● ASSIGNMENT
Below are records to repeat exactly. Omit the pictures from the copy.

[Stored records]
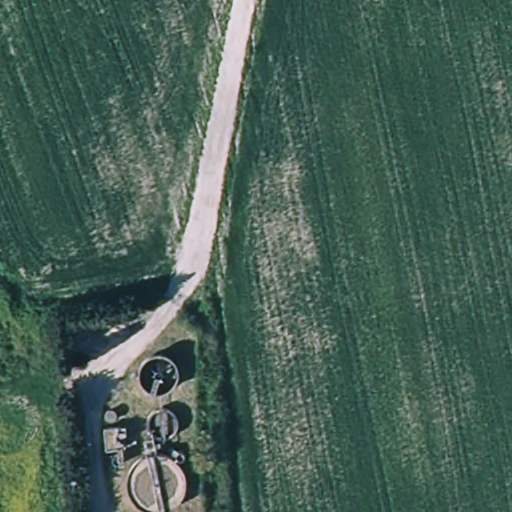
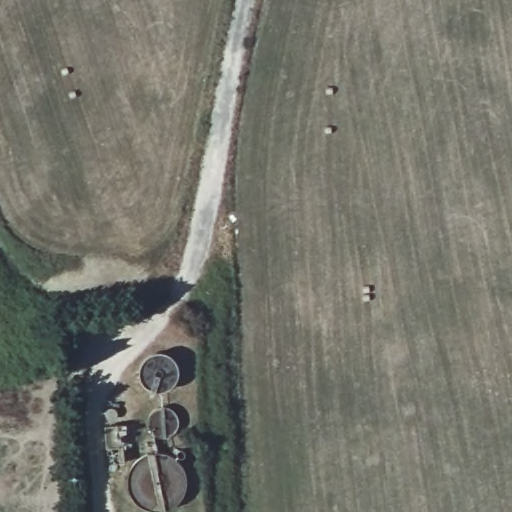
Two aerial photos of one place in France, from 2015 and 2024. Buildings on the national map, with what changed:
unchanged [(127,427),(129,448),(108,451),(106,427),(127,427)]

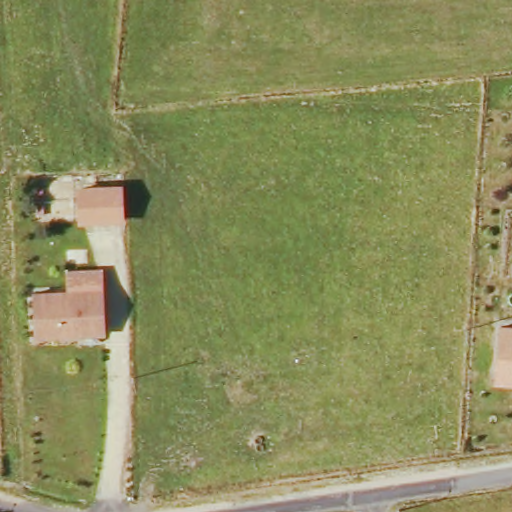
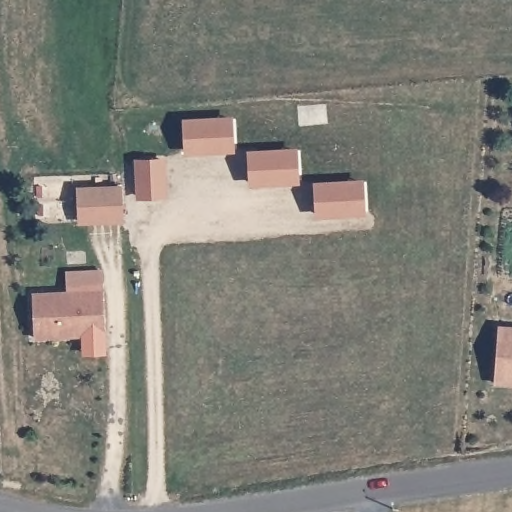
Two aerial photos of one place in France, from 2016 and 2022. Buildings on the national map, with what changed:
new [(183,118),(233,115),(235,151),(184,154),(183,118)]
new [(298,147),(301,184),(249,186),(247,150),(298,147)]
new [(166,158),(168,199),(136,199),(135,159),(166,158)]
new [(316,217),(314,181),(364,179),(366,215),(316,217)]
new [(76,186),(122,184),(124,222),(78,224),(76,186)]
demolished [(89,221),(87,192),(116,191),(117,220),(89,221)]
unchanged [(33,342),(31,295),(66,292),(66,276),(93,275),(94,292),(102,292),(105,339),(33,342)]
unchanged [(497,372),(500,326),(512,327),(512,383),(497,382),(497,372)]

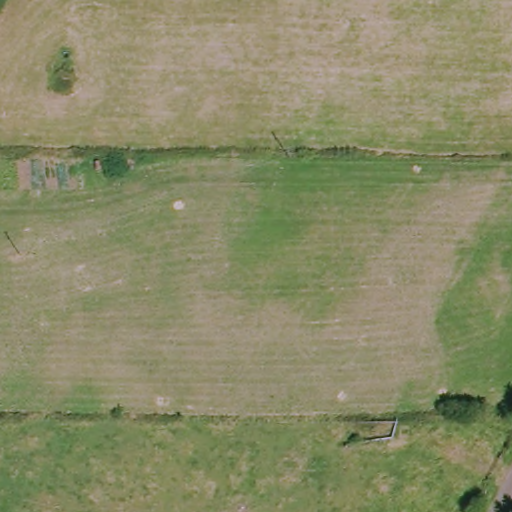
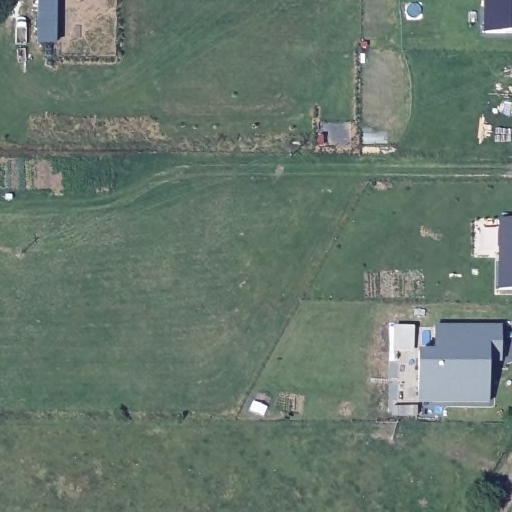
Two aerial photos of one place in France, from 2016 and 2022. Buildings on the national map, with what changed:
new [(38,44),(39,0),(57,0),(56,44),(38,44)]
new [(483,32),(483,0),(512,0),(512,32),(483,32)]
new [(500,288),(499,220),(512,220),(512,289),(500,288)]
new [(502,326),(501,363),(490,363),(490,405),(418,402),(420,351),(437,351),(436,326),(502,326)]

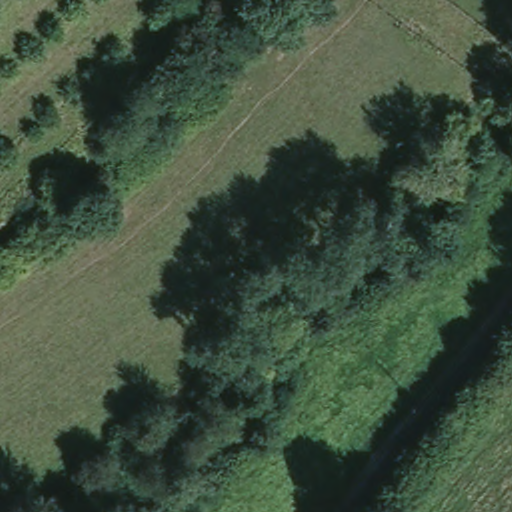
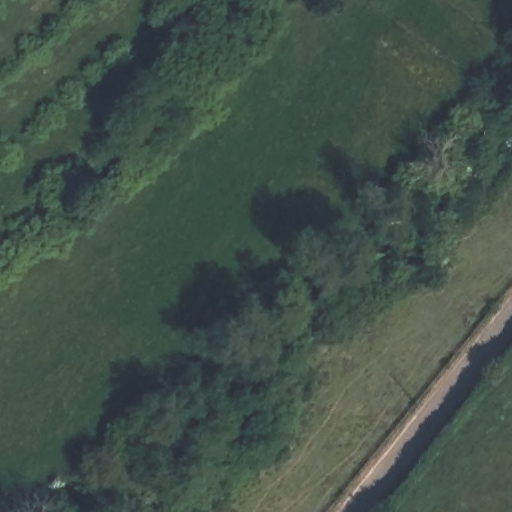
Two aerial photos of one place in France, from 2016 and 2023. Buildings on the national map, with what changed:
[]

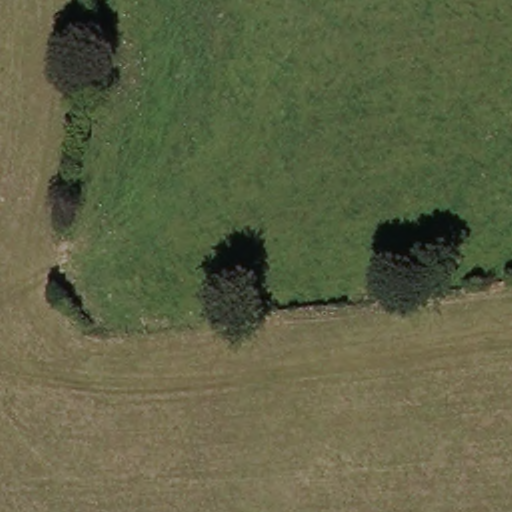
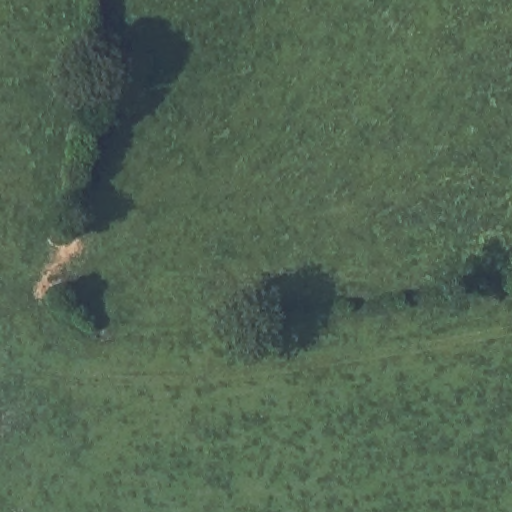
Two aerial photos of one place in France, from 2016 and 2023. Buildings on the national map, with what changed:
[]

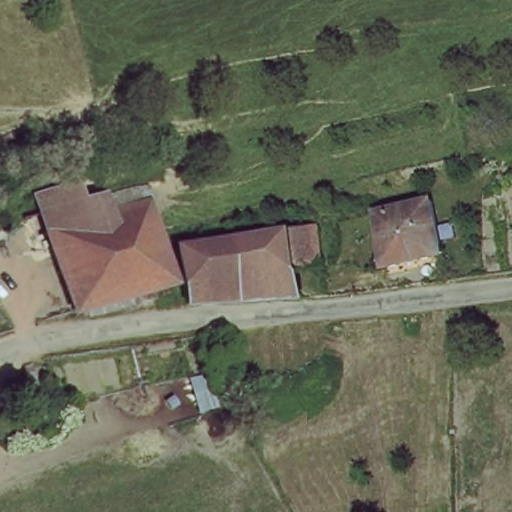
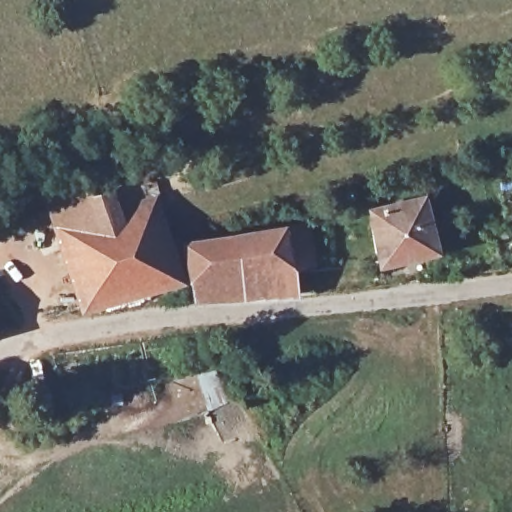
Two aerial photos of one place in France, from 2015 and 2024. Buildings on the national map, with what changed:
unchanged [(51,192),(104,176),(114,210),(155,199),(181,279),(87,305),(78,278),(62,229),(51,192)]
unchanged [(382,258),(369,210),(421,197),(432,247),(382,258)]
unchanged [(191,272),(187,237),(266,227),(265,219),(278,217),(278,222),(283,260),(191,272)]
unchanged [(309,218),(314,256),(290,258),(283,260),(278,222),(309,218)]
unchanged [(193,293),(191,272),(283,260),(290,258),(292,289),(193,293)]

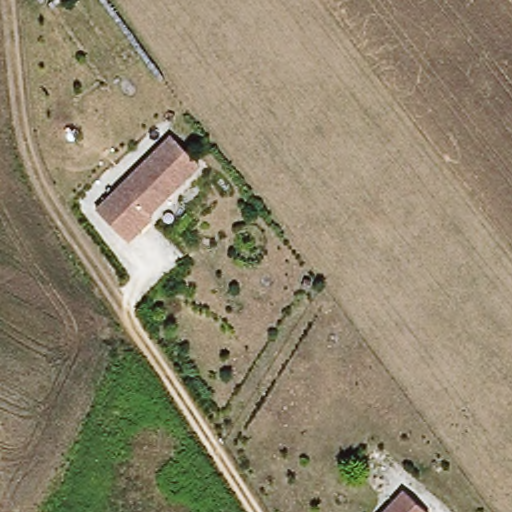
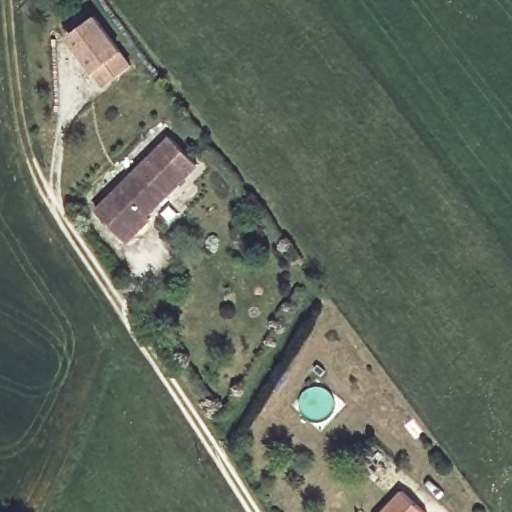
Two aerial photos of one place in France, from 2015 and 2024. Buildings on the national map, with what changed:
new [(106,87),(68,38),(96,15),(135,66),(106,87)]
unchanged [(156,215),(134,241),(101,213),(168,132),(198,157),(153,212),(156,215)]
unchanged [(394,482),(424,503),(418,512),(373,512),(394,482)]

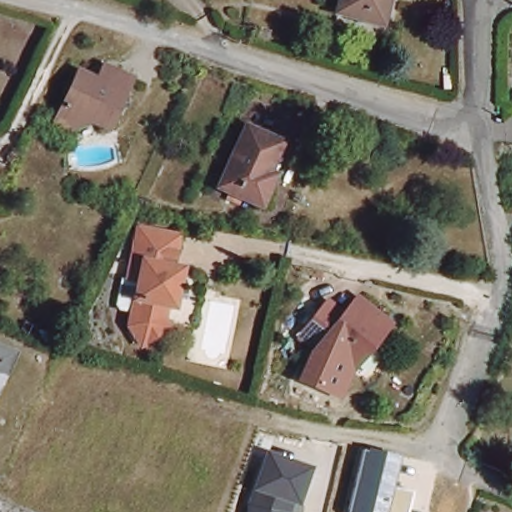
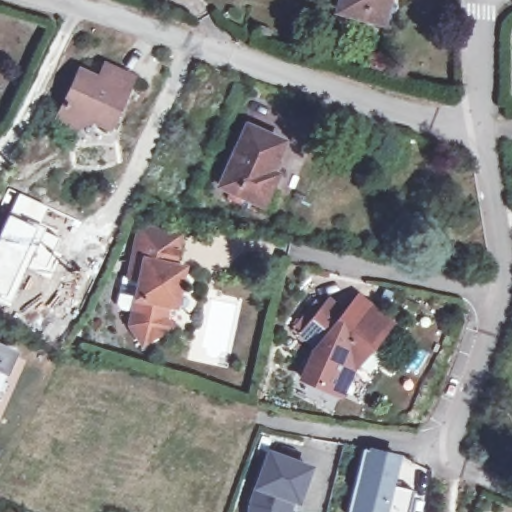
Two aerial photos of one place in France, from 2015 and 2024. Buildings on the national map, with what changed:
unchanged [(340,0),(389,0),(383,22),(337,10),(340,0)]
unchanged [(115,121),(100,115),(80,122),(60,113),(83,65),(103,74),(110,61),(136,73),(115,121)]
unchanged [(285,141),(268,178),(275,182),(265,203),(225,184),(251,126),(285,141)]
new [(25,268),(8,303),(0,300),(0,232),(10,211),(19,192),(48,206),(40,225),(47,229),(42,240),(25,268)]
unchanged [(160,301),(158,315),(163,323),(137,340),(123,320),(132,276),(122,274),(132,223),(173,230),(168,261),(177,262),(175,273),(168,303),(160,301)]
unchanged [(390,319),(352,366),(320,339),(317,344),(298,330),(322,301),(327,295),(345,309),(358,292),(390,319)]
unchanged [(84,323),(82,333),(74,331),(77,322),(84,323)]
unchanged [(7,377),(0,391),(0,343),(17,350),(7,377)]
unchanged [(393,486),(415,493),(410,512),(348,512),(365,448),(400,457),(393,486)]
unchanged [(300,505),(290,503),(290,512),(247,512),(247,505),(252,489),(266,450),(315,467),(300,505)]

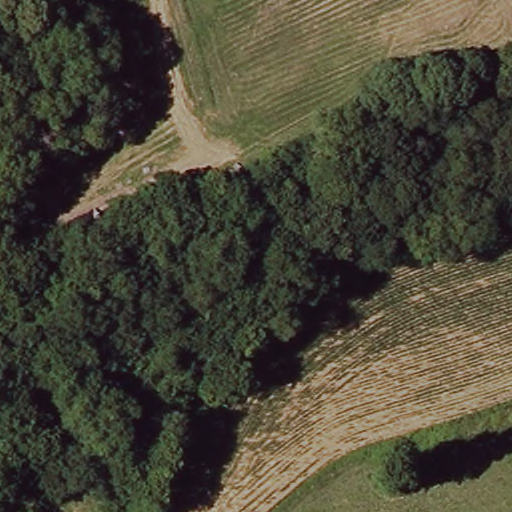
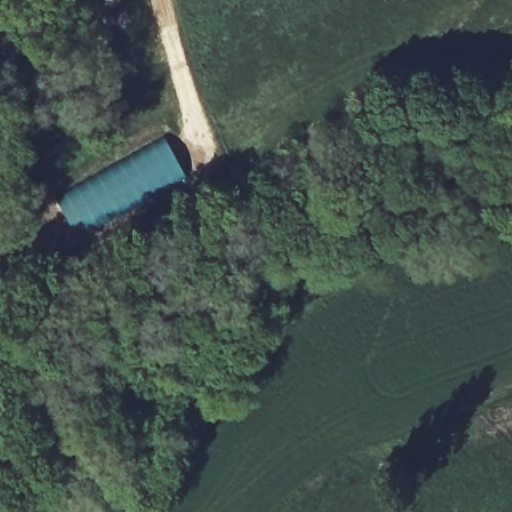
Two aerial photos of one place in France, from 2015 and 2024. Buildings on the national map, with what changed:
new [(57,200),(164,139),(182,171),(75,232),(57,200)]

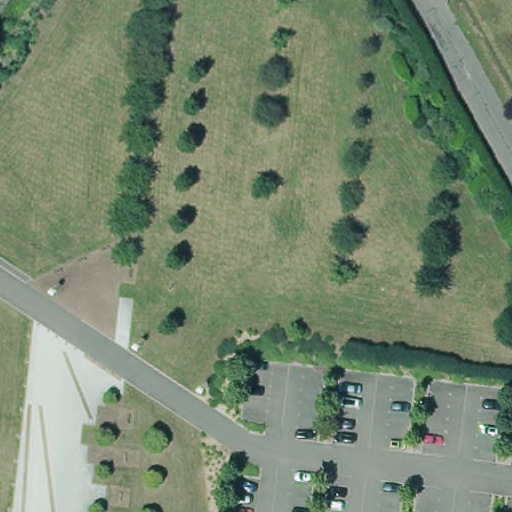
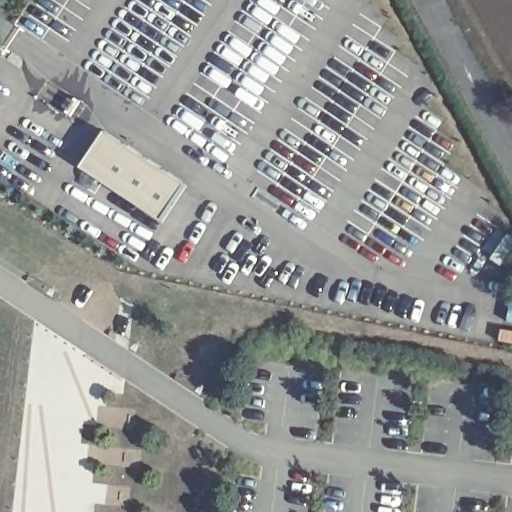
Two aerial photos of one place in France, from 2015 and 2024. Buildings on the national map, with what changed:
new [(106,132),(187,186),(162,222),(82,169),(106,132)]

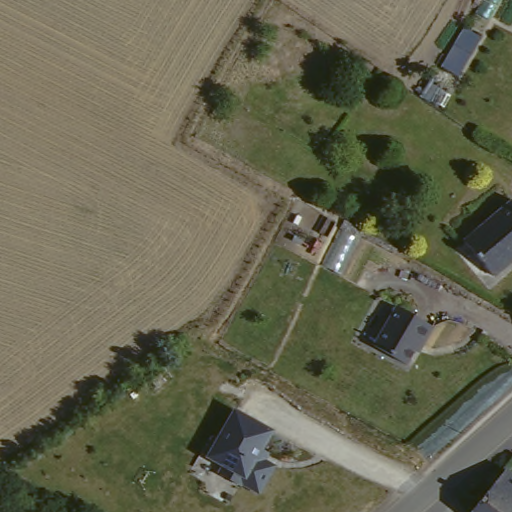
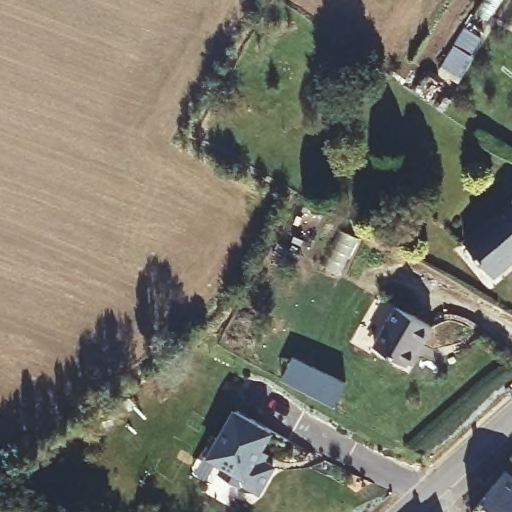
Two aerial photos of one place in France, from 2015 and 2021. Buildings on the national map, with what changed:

● ANSWER SECTION
Two aerial photos of one place in France, from 2015 and 2024. Buildings on the national map, with what changed:
unchanged [(127,427),(129,448),(108,451),(106,427),(127,427)]

Two aerial photos of one place in France, from 2016 and 2022. Buildings on the national map, with what changed:
new [(183,118),(233,115),(235,151),(184,154),(183,118)]
new [(298,147),(301,184),(249,186),(247,150),(298,147)]
new [(166,158),(168,199),(136,199),(135,159),(166,158)]
new [(316,217),(314,181),(364,179),(366,215),(316,217)]
new [(76,186),(122,184),(124,222),(78,224),(76,186)]
demolished [(89,221),(87,192),(116,191),(117,220),(89,221)]
unchanged [(33,342),(31,295),(66,292),(66,276),(93,275),(94,292),(102,292),(105,339),(33,342)]
unchanged [(497,372),(500,326),(512,327),(512,383),(497,382),(497,372)]

Two aerial photos of one place in France, from 2016 and 2022. Buildings on the national map, with what changed:
new [(38,44),(39,0),(57,0),(56,44),(38,44)]
new [(483,32),(483,0),(512,0),(512,32),(483,32)]
new [(500,288),(499,220),(512,220),(512,289),(500,288)]
new [(502,326),(501,363),(490,363),(490,405),(418,402),(420,351),(437,351),(436,326),(502,326)]

Two aerial photos of one place in France, from 2016 and 2023. Buildings on the national map, with what changed:
[]

Two aerial photos of one place in France, from 2016 and 2023. Buildings on the national map, with what changed:
[]

Two aerial photos of one place in France, from 2015 and 2024. Buildings on the national map, with what changed:
unchanged [(51,192),(104,176),(114,210),(155,199),(181,279),(87,305),(78,278),(62,229),(51,192)]
unchanged [(382,258),(369,210),(421,197),(432,247),(382,258)]
unchanged [(191,272),(187,237),(266,227),(265,219),(278,217),(278,222),(283,260),(191,272)]
unchanged [(309,218),(314,256),(290,258),(283,260),(278,222),(309,218)]
unchanged [(193,293),(191,272),(283,260),(290,258),(292,289),(193,293)]

Two aerial photos of one place in France, from 2015 and 2024. Buildings on the national map, with what changed:
new [(106,87),(68,38),(96,15),(135,66),(106,87)]
unchanged [(156,215),(134,241),(101,213),(168,132),(198,157),(153,212),(156,215)]
unchanged [(394,482),(424,503),(418,512),(373,512),(394,482)]

Two aerial photos of one place in France, from 2015 and 2024. Buildings on the national map, with what changed:
unchanged [(340,0),(389,0),(383,22),(337,10),(340,0)]
unchanged [(115,121),(100,115),(80,122),(60,113),(83,65),(103,74),(110,61),(136,73),(115,121)]
unchanged [(285,141),(268,178),(275,182),(265,203),(225,184),(251,126),(285,141)]
new [(25,268),(8,303),(0,300),(0,232),(10,211),(19,192),(48,206),(40,225),(47,229),(42,240),(25,268)]
unchanged [(160,301),(158,315),(163,323),(137,340),(123,320),(132,276),(122,274),(132,223),(173,230),(168,261),(177,262),(175,273),(168,303),(160,301)]
unchanged [(390,319),(352,366),(320,339),(317,344),(298,330),(322,301),(327,295),(345,309),(358,292),(390,319)]
unchanged [(84,323),(82,333),(74,331),(77,322),(84,323)]
unchanged [(7,377),(0,391),(0,343),(17,350),(7,377)]
unchanged [(393,486),(415,493),(410,512),(348,512),(365,448),(400,457),(393,486)]
unchanged [(300,505),(290,503),(290,512),(247,512),(247,505),(252,489),(266,450),(315,467),(300,505)]

Two aerial photos of one place in France, from 2015 and 2024. Buildings on the national map, with what changed:
new [(57,200),(164,139),(182,171),(75,232),(57,200)]

Two aerial photos of one place in France, from 2015 and 2024. Buildings on the national map, with what changed:
new [(106,132),(187,186),(162,222),(82,169),(106,132)]

Two aerial photos of one place in France, from 2015 and 2021. Buildings on the national map, with what changed:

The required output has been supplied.